Filter the entries, keeping every line with the string "surface".

Items from a data source:

----

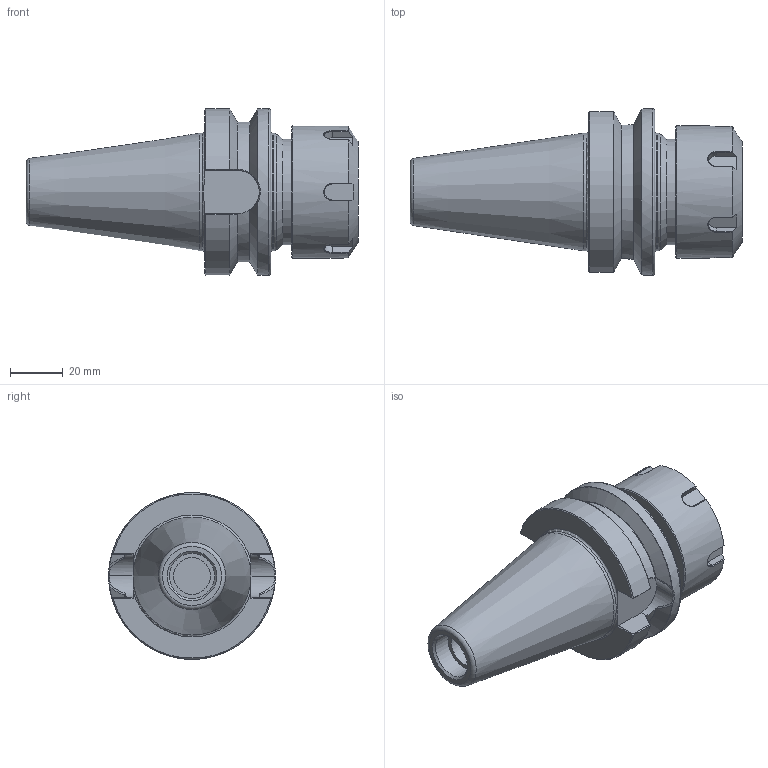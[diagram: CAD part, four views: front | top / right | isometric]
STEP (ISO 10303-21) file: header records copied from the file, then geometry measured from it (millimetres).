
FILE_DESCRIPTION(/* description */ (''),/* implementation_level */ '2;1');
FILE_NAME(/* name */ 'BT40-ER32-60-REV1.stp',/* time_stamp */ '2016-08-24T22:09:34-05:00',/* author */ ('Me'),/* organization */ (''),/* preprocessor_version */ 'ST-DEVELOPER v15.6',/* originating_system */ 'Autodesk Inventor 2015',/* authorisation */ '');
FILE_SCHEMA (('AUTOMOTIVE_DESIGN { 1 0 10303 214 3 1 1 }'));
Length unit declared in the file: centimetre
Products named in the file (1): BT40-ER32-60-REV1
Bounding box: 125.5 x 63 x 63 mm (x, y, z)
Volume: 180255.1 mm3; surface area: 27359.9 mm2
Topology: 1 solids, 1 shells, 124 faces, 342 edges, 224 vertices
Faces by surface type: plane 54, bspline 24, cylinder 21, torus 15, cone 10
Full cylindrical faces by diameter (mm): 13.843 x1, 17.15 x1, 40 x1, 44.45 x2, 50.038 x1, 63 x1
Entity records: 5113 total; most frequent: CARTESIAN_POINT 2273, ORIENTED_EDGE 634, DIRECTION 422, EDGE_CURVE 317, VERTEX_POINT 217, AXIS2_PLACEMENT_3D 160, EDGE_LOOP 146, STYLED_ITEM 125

----

> [Response area]
Volume: 180255.1 mm3; surface area: 27359.9 mm2
Faces by surface type: plane 54, bspline 24, cylinder 21, torus 15, cone 10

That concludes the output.